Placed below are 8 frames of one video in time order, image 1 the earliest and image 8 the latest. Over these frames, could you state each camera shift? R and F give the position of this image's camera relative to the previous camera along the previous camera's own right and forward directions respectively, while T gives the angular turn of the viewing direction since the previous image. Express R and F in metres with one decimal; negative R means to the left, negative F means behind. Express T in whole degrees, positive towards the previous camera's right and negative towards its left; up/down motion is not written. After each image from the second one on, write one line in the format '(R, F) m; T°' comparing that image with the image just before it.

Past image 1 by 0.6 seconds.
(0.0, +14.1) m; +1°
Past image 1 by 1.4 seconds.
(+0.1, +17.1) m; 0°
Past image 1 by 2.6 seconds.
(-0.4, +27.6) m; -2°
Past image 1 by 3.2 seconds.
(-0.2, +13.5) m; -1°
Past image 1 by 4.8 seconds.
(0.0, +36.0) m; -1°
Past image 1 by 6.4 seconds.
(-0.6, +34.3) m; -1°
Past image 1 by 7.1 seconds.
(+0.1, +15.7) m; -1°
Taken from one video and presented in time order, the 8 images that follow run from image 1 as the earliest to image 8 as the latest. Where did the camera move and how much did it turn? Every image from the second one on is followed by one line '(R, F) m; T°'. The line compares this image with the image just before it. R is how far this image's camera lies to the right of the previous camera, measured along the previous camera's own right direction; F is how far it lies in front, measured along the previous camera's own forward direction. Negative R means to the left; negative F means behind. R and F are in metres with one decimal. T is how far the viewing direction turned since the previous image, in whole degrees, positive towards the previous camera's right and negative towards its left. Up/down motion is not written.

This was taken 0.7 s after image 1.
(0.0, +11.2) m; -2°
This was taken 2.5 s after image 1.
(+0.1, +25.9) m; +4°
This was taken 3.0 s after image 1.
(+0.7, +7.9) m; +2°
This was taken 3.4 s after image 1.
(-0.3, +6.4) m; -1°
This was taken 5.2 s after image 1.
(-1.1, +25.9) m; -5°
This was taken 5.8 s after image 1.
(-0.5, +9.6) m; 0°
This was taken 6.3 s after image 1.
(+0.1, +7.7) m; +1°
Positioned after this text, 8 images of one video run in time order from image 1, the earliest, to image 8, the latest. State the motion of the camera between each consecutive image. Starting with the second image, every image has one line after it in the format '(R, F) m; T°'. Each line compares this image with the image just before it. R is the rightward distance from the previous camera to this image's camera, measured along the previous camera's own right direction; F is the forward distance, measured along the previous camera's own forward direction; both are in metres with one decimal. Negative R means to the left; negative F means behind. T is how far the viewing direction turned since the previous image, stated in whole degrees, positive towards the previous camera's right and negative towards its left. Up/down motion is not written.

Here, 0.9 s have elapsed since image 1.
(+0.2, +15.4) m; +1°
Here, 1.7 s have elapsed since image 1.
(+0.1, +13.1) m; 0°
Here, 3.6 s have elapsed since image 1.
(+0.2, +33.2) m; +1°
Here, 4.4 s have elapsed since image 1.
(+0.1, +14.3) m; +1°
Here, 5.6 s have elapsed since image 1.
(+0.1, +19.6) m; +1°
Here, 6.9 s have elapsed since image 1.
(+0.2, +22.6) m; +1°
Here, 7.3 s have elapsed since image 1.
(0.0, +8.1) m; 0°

****************

Task item: Take the entries above and copy them out exactly.

Task answer:
Placed below are 8 frames of one video in time order, image 1 the earliest and image 8 the latest. Over these frames, could you state each camera shift? R and F give the position of this image's camera relative to the previous camera along the previous camera's own right and forward directions respectively, while T gives the angular turn of the viewing direction since the previous image. Express R and F in metres with one decimal; negative R means to the left, negative F means behind. Express T in whole degrees, positive towards the previous camera's right and negative towards its left; up/down motion is not written. After each image from the second one on, write one line in the format '(R, F) m; T°' comparing that image with the image just before it.

Past image 1 by 0.6 seconds.
(0.0, +14.1) m; +1°
Past image 1 by 1.4 seconds.
(+0.1, +17.1) m; 0°
Past image 1 by 2.6 seconds.
(-0.4, +27.6) m; -2°
Past image 1 by 3.2 seconds.
(-0.2, +13.5) m; -1°
Past image 1 by 4.8 seconds.
(0.0, +36.0) m; -1°
Past image 1 by 6.4 seconds.
(-0.6, +34.3) m; -1°
Past image 1 by 7.1 seconds.
(+0.1, +15.7) m; -1°
Taken from one video and presented in time order, the 8 images that follow run from image 1 as the earliest to image 8 as the latest. Where did the camera move and how much did it turn? Every image from the second one on is followed by one line '(R, F) m; T°'. The line compares this image with the image just before it. R is how far this image's camera lies to the right of the previous camera, measured along the previous camera's own right direction; F is how far it lies in front, measured along the previous camera's own forward direction. Negative R means to the left; negative F means behind. R and F are in metres with one decimal. T is how far the viewing direction turned since the previous image, in whole degrees, positive towards the previous camera's right and negative towards its left. Up/down motion is not written.

This was taken 0.7 s after image 1.
(0.0, +11.2) m; -2°
This was taken 2.5 s after image 1.
(+0.1, +25.9) m; +4°
This was taken 3.0 s after image 1.
(+0.7, +7.9) m; +2°
This was taken 3.4 s after image 1.
(-0.3, +6.4) m; -1°
This was taken 5.2 s after image 1.
(-1.1, +25.9) m; -5°
This was taken 5.8 s after image 1.
(-0.5, +9.6) m; 0°
This was taken 6.3 s after image 1.
(+0.1, +7.7) m; +1°
Positioned after this text, 8 images of one video run in time order from image 1, the earliest, to image 8, the latest. State the motion of the camera between each consecutive image. Starting with the second image, every image has one line after it in the format '(R, F) m; T°'. Each line compares this image with the image just before it. R is the rightward distance from the previous camera to this image's camera, measured along the previous camera's own right direction; F is the forward distance, measured along the previous camera's own forward direction; both are in metres with one decimal. Negative R means to the left; negative F means behind. T is how far the viewing direction turned since the previous image, stated in whole degrees, positive towards the previous camera's right and negative towards its left. Up/down motion is not written.

Here, 0.9 s have elapsed since image 1.
(+0.2, +15.4) m; +1°
Here, 1.7 s have elapsed since image 1.
(+0.1, +13.1) m; 0°
Here, 3.6 s have elapsed since image 1.
(+0.2, +33.2) m; +1°
Here, 4.4 s have elapsed since image 1.
(+0.1, +14.3) m; +1°
Here, 5.6 s have elapsed since image 1.
(+0.1, +19.6) m; +1°
Here, 6.9 s have elapsed since image 1.
(+0.2, +22.6) m; +1°
Here, 7.3 s have elapsed since image 1.
(0.0, +8.1) m; 0°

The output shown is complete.